Matig considered the blockade prelude to the on-going situation as news of rising tensions appeared on her online feed.
Now, armed only with her passion, Matig took to the streets with fellow Armenians art students to raise awareness for last week’s events.
However, Matig explained her efforts are left unheard, as the international community offered little to no support to Karabakh’s former inhabitants. She feared this lack of support or condemnation to certain actors may lead to future escalation onto the country of Armenia itself. This fear is shared by many Armenians due to their contentious history with local powers since the 1915 genocide, perpetrated by the Ottoman empire.
“We just want peace, we just want to live. It’s about survival, the continuation of our culture,” Matig explained. “Because we’ve been through way too much for this to keep happening.”
Mesrob Arsenian, president of the Concordia Armenian Students Union, shared similar feelings. “It’s a struggle—you have to fight as long as you want to keep your identity,” Arsenian said. “It’s a part of being Armenian.”
Arsenian felt strongly about the ongoing development. However, his faithful pride was sullied as he could only watch events unfold online, halfway across the world.
Arsenian was not surprised by the news, as little was done since 2020 to prevent any kind of attack in Karabakh. Russia, for example, an ally to Armenia, has mostly taken a diplomatic role between the two nations, brokering cease fires or keeping the peace on the ground post-war, a responsibility inherited from the Soviet Union.
This diplomatic approach taken by nations at large was something Arsenian criticised heavily. “I know nothing is going to change but please do something because this [inaction] is getting ridiculous,” Arsenian said. “You can’t choose which human rights to care for and which not to.”
Many in positions of power or expertise, have condemned the Azeri government’s actions.

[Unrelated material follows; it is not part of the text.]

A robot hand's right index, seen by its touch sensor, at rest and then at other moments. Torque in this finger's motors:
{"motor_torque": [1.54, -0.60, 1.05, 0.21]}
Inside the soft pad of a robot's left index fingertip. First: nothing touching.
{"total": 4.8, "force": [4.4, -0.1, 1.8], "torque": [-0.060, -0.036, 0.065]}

Kyle Matthews, the Executive Director of the Montreal Institute for Genocide and Human Rights Studies at Concordia University, has done the same.
Matthews previously served as a United Nations official in the Southern Caucasus region and highlighted the severity of the crisis, calling for immediate action to assist the Armenians fleeing the region.

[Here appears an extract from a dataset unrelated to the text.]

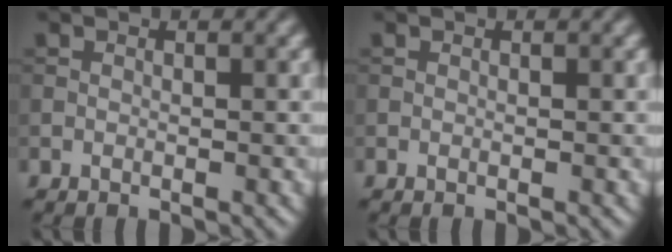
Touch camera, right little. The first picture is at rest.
{"total": 0.0}
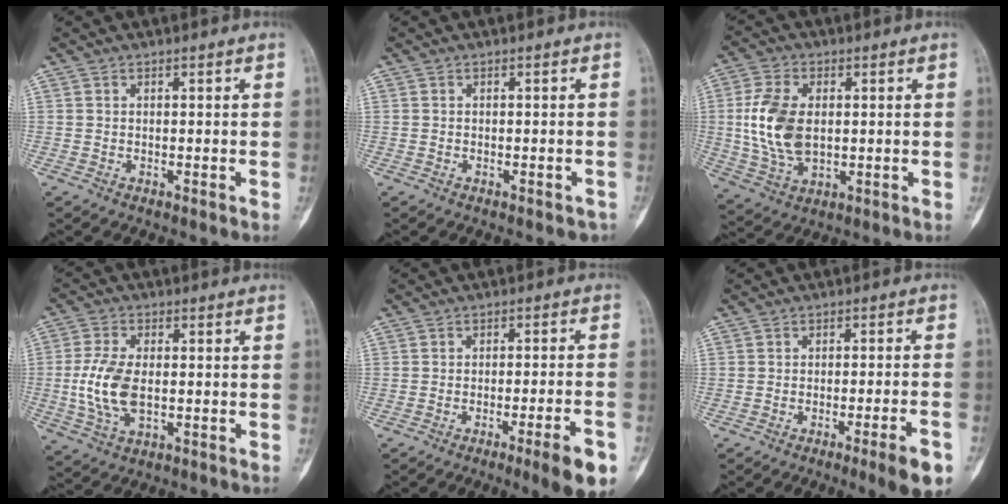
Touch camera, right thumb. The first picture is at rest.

“What we’re seeing happen today is a grave violation of international norms and standards,” Matthews said.
Describing the current situation as “potential ethnic cleansing,” Matthews stressed that international law prohibits such actions, no matter what may be classified as after the fact.
Matthews explained Azerbaijan has long found an ally in Turkey, from whom they receive support both politically and militarily. For a time, the south caucasian power received aid indirectly from Canada in the form of drones. Otherwise, Matthews said Canada as a nation has no interests in the region.
If nations were to choose harsher condemnation, Matthews suggested issuing economic sanctions against Azerbaijan or stopping trade relations.
“Rhetorical condemnation to a government who’s looking to displace a people is not enough,” he added. “Something more robust has to happen and putting a statement of concern on Twitter is not going to do that today.”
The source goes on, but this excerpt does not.